Professor W is studying a kind of prokaryote whose growth is peculiar: it can grow only by devouring its conspecifics. When two such organisms meet, the heavier one eats the lighter one (if they have the same weight, it is decided by “RP”, i.e., luck). After eating, the survivor’s weight becomes the sum of the two weights, and the amount of enzyme consumed is approximately equal to the sum of their weights. Professor W currently has $n$ prokaryotes. Each time, he takes the $m$ lightest organisms from the petri dish for an experiment and lets them fight each other. The operation is as follows: he places these $m$ organisms around a circular tube in some order according to their weights, then repeatedly chooses a pair of adjacent organisms and supplies enzyme to them; after they merge, the survivor’s weight becomes the sum of the two, and the enzyme consumed equals that sum. Repeat this until only one organism remains. The remaining one is put back into the petri dish, and the next experiment begins. Professor W wants the total enzyme consumption to be minimized after $k$ experiments. The input guarantees that there will never be a shortage of organisms.

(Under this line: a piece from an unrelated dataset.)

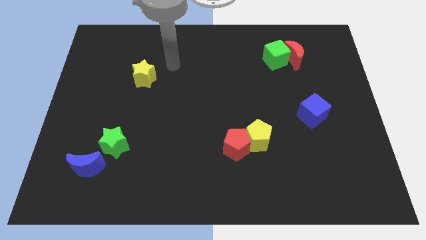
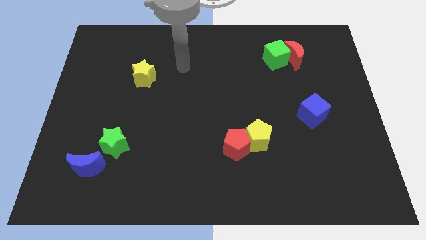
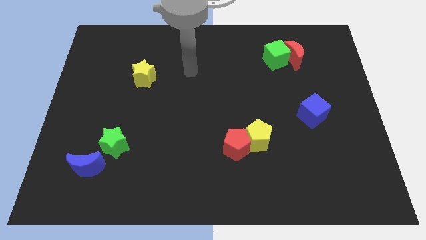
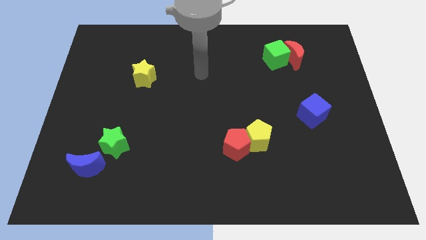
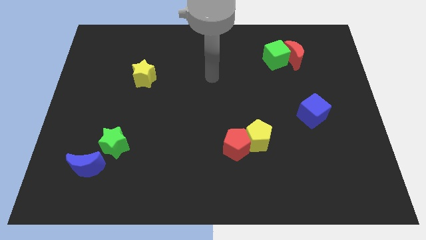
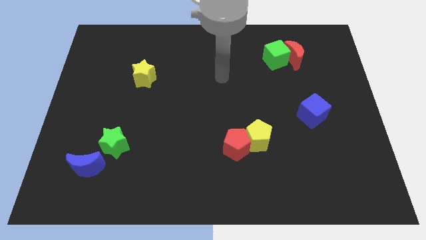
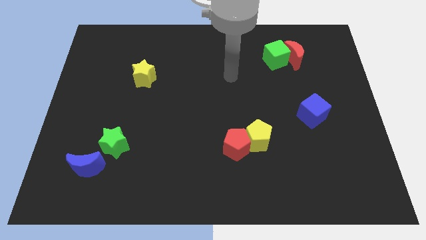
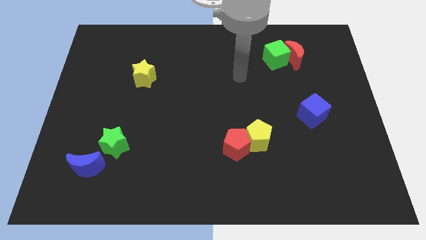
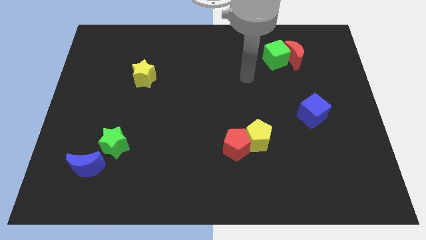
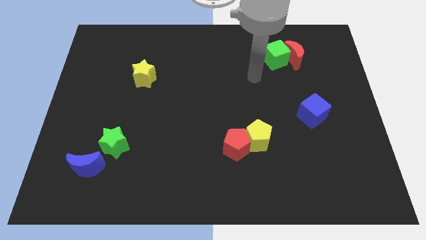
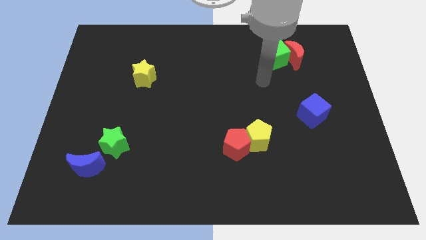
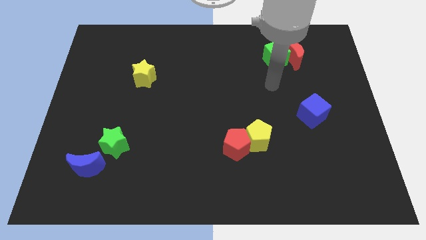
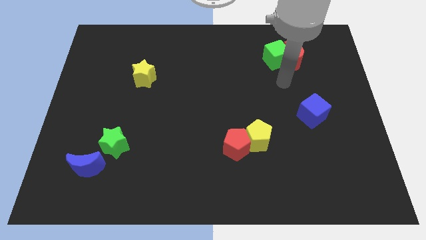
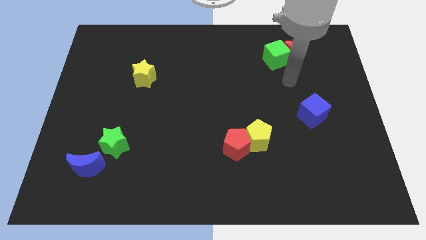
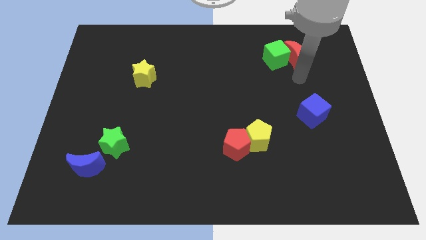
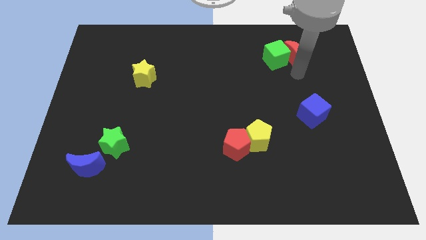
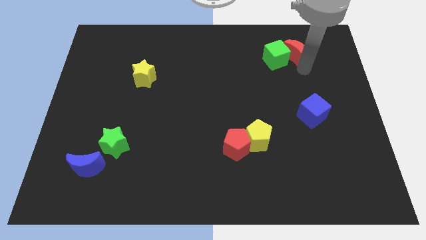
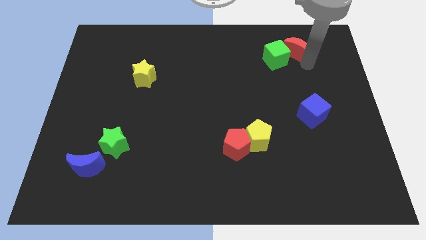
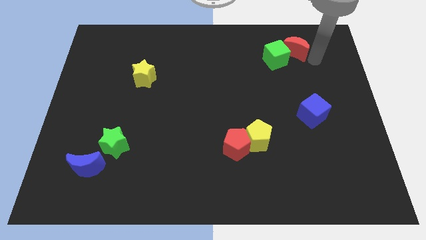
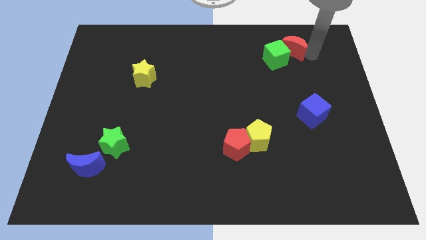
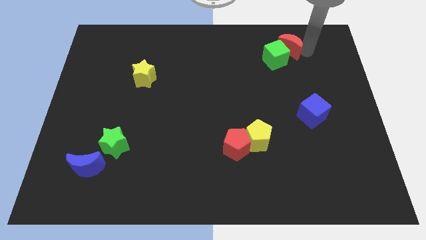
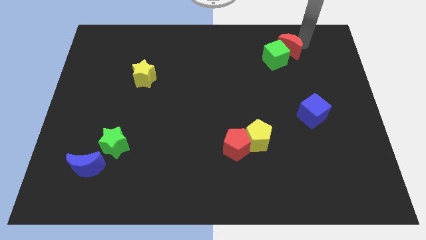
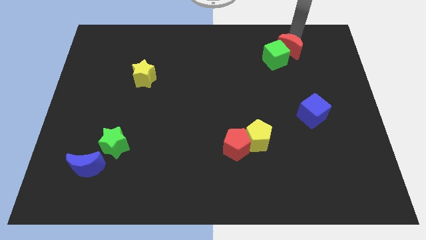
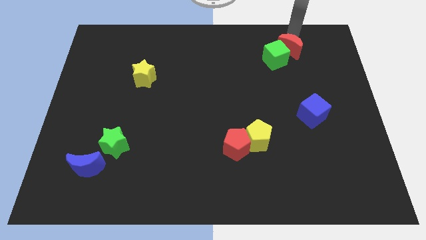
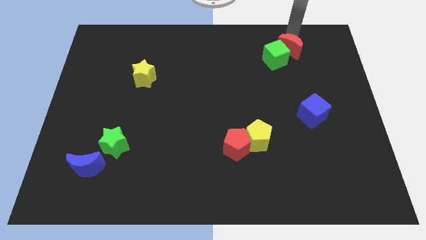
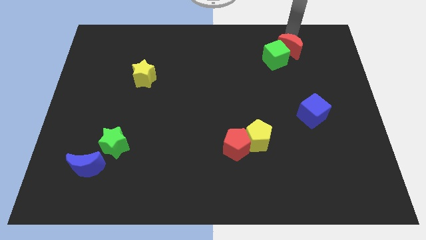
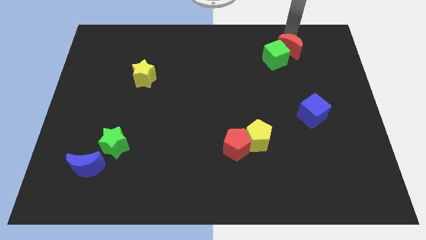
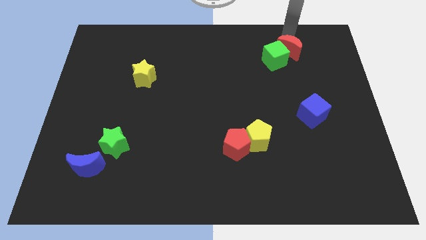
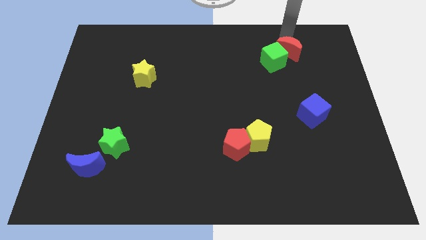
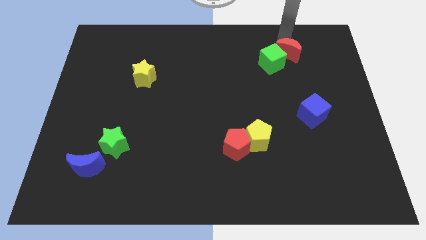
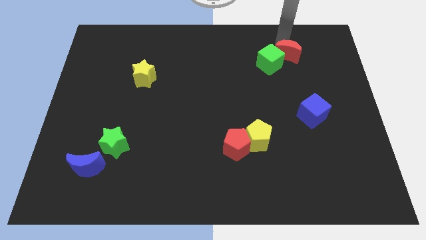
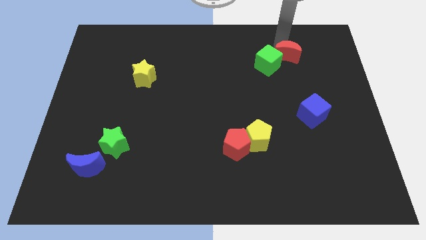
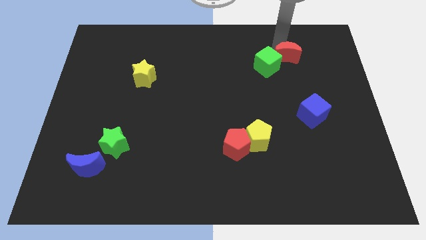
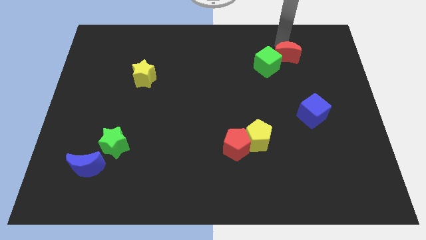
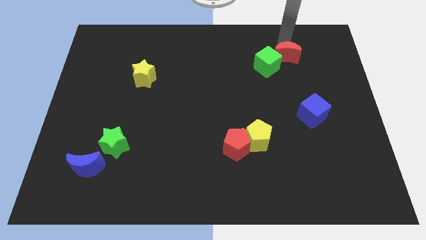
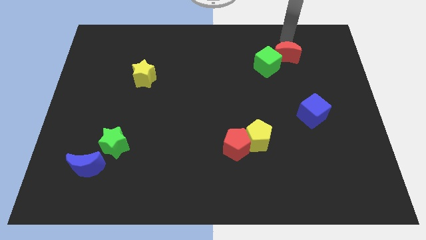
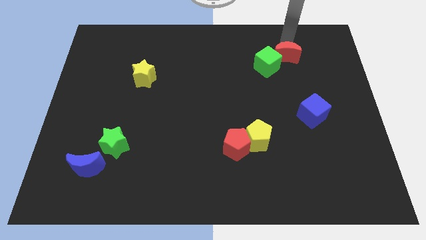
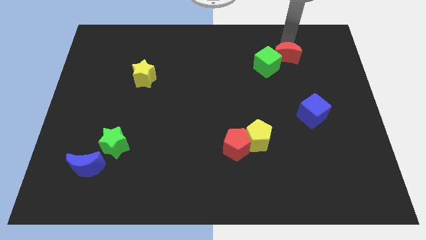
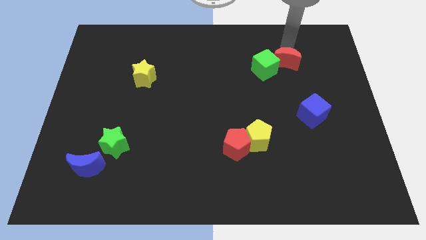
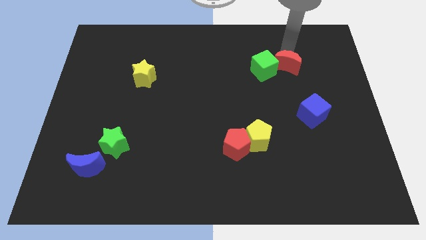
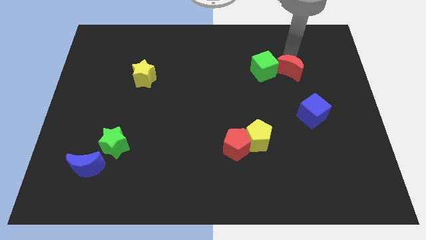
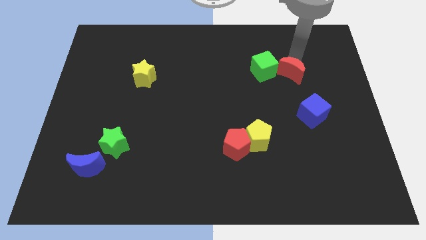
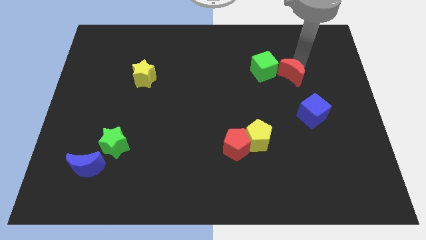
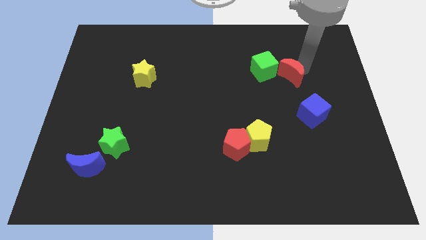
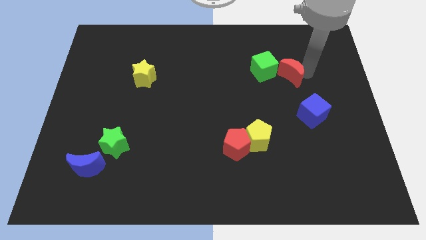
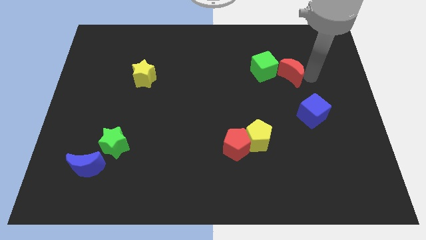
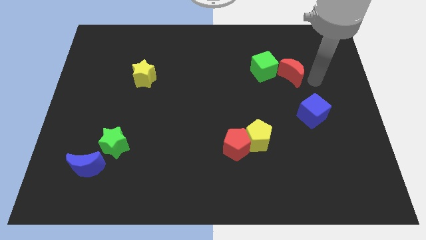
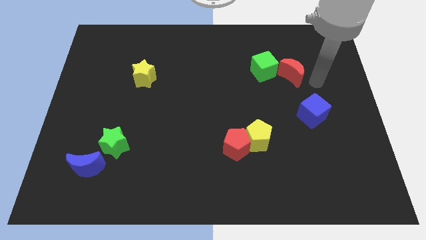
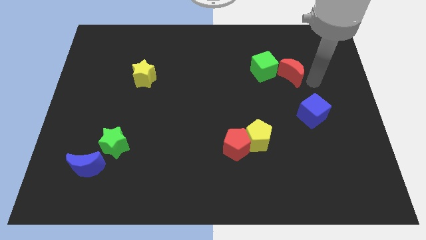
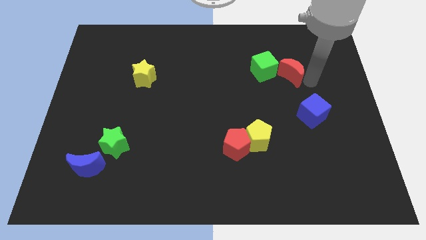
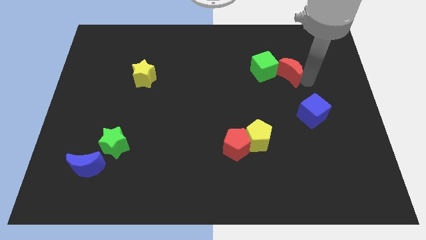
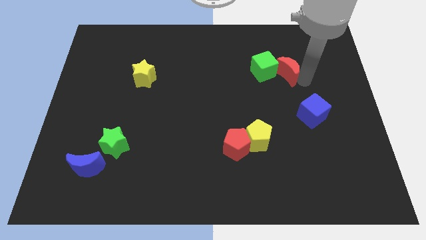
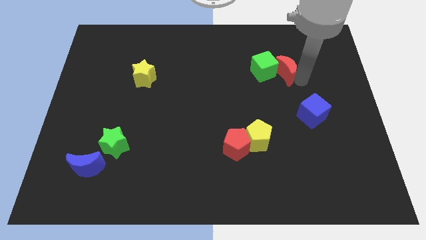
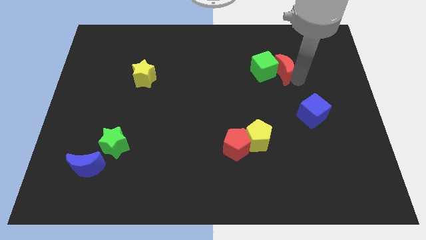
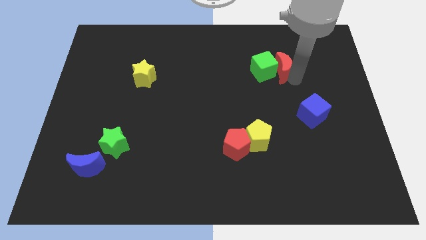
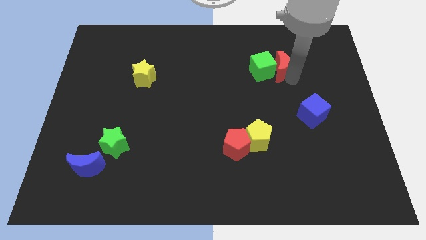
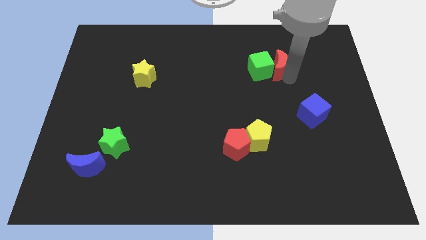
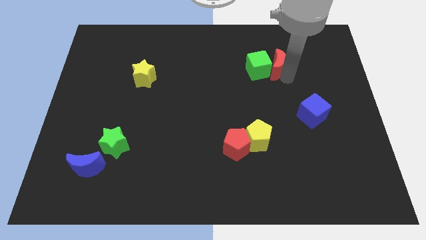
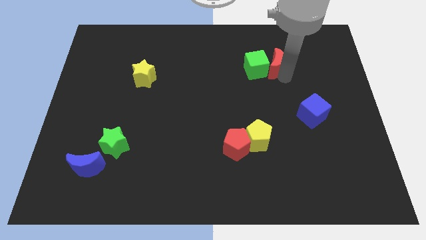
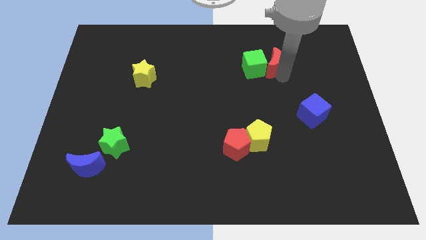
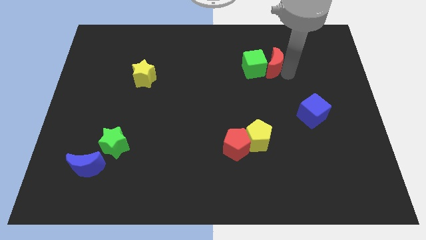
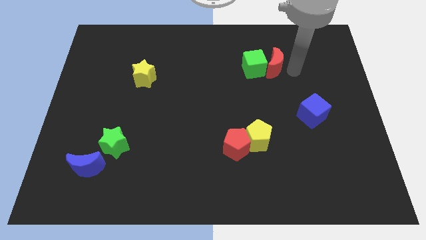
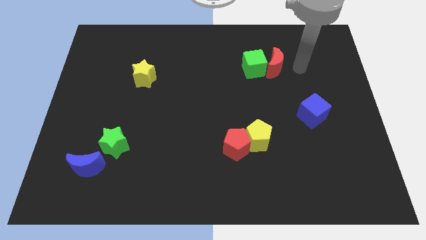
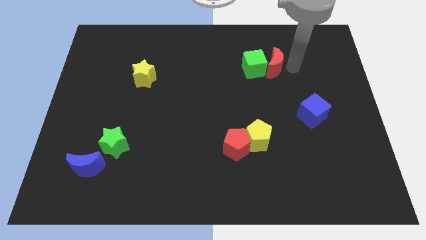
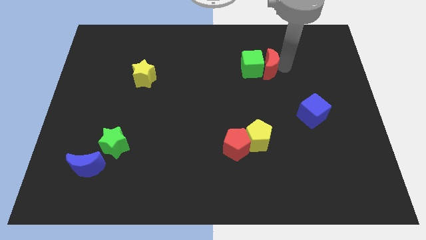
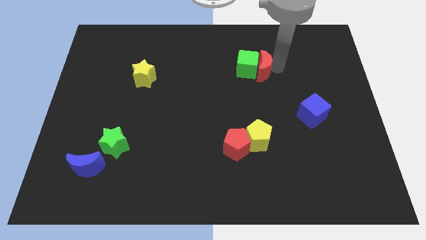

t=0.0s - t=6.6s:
slide the red moon slightly left

The first line contains three integers $n$, $m$, $k$. The second line contains $n$ integers, the initial weights of the $n$ organisms. The next $k$ lines each contain $m$ integers. In the $(i+2)$-th line, the $j$-th number denotes the position where the $j$-th lightest organism in the $i$-th experiment is placed. For example, if $m=5$ and the line is $14235$, it means the smallest organism is placed in position 1, the second smallest in position 4, the third smallest in position 2, the fourth smallest in position 3, and the largest in position 5 (which is adjacent to position 1).

Output a single integer, the minimal total amount of enzyme consumed after $k$ experiments.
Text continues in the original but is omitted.